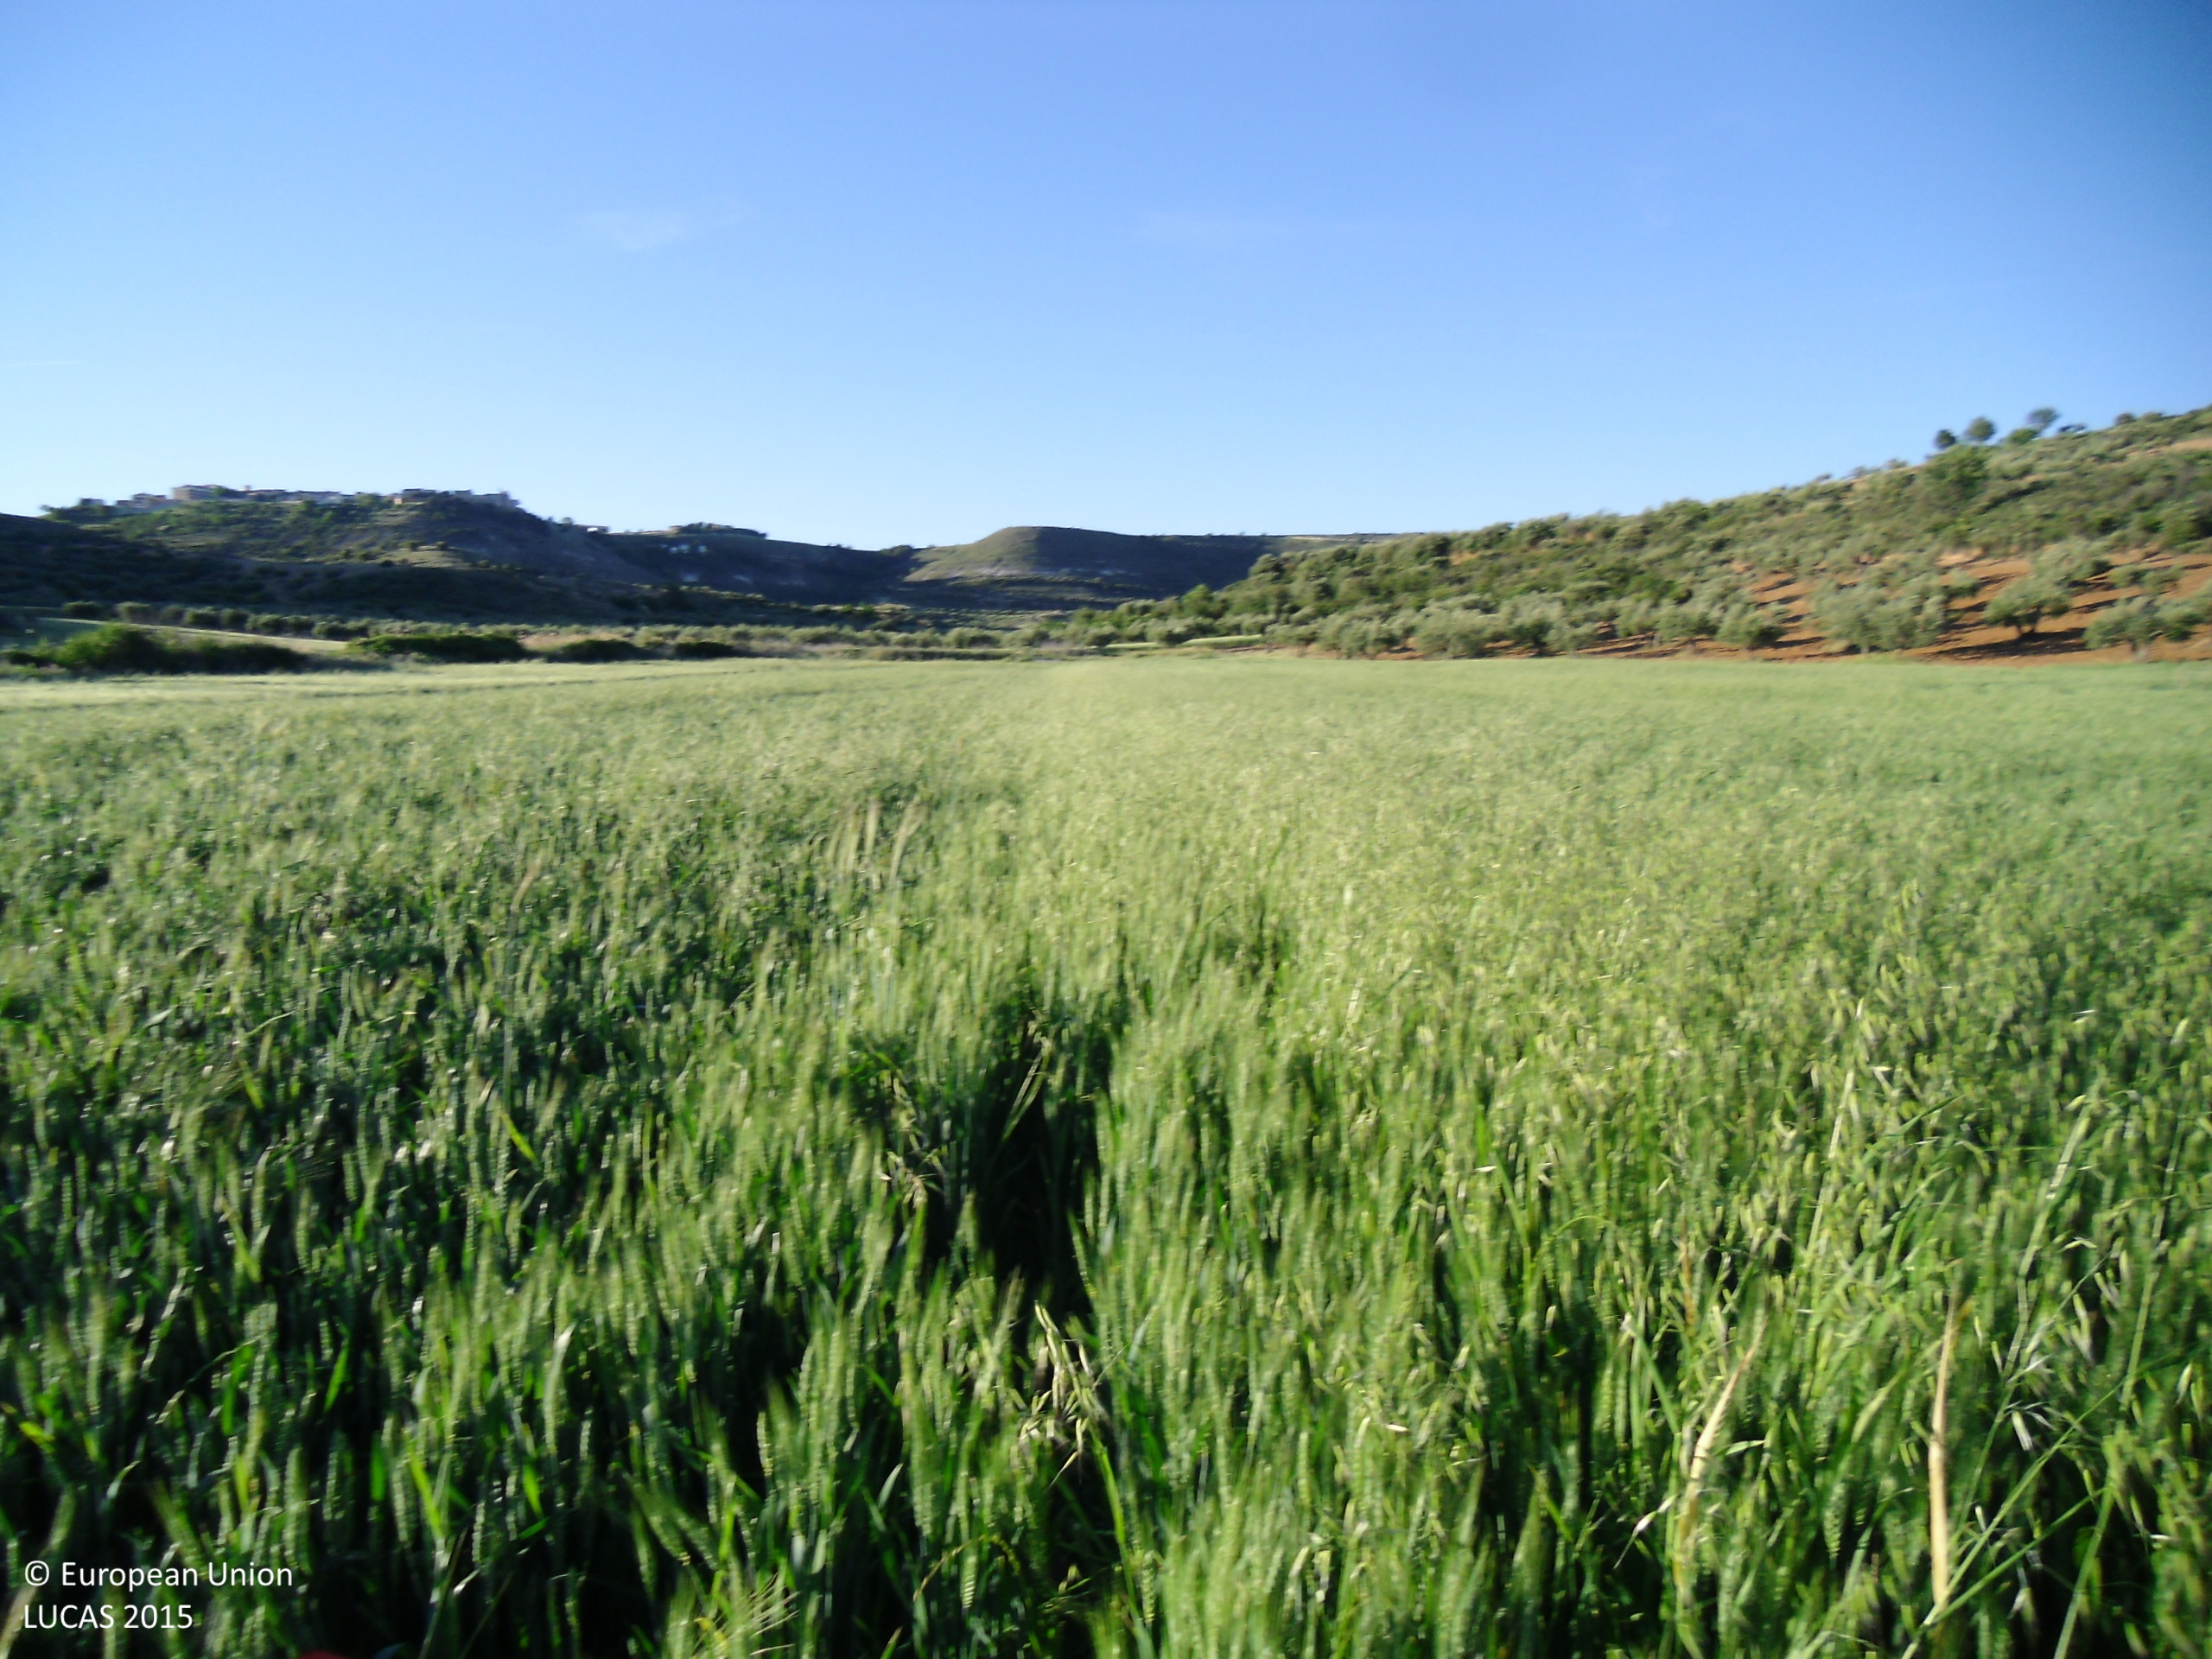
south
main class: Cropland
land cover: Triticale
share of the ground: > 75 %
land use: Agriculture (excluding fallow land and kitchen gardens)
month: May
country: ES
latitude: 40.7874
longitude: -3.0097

================================

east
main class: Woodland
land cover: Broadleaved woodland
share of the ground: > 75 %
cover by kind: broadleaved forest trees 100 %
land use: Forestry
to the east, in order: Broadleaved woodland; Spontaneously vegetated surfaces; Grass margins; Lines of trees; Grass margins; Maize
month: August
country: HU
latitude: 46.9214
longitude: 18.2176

================================

The required answer is the exact run of lines above starting at the line with "land use: Forestry" and ending at the line with "longitude: 18.2176", with both ends present.

* Answer to this task:
land use: Forestry
to the east, in order: Broadleaved woodland; Spontaneously vegetated surfaces; Grass margins; Lines of trees; Grass margins; Maize
month: August
country: HU
latitude: 46.9214
longitude: 18.2176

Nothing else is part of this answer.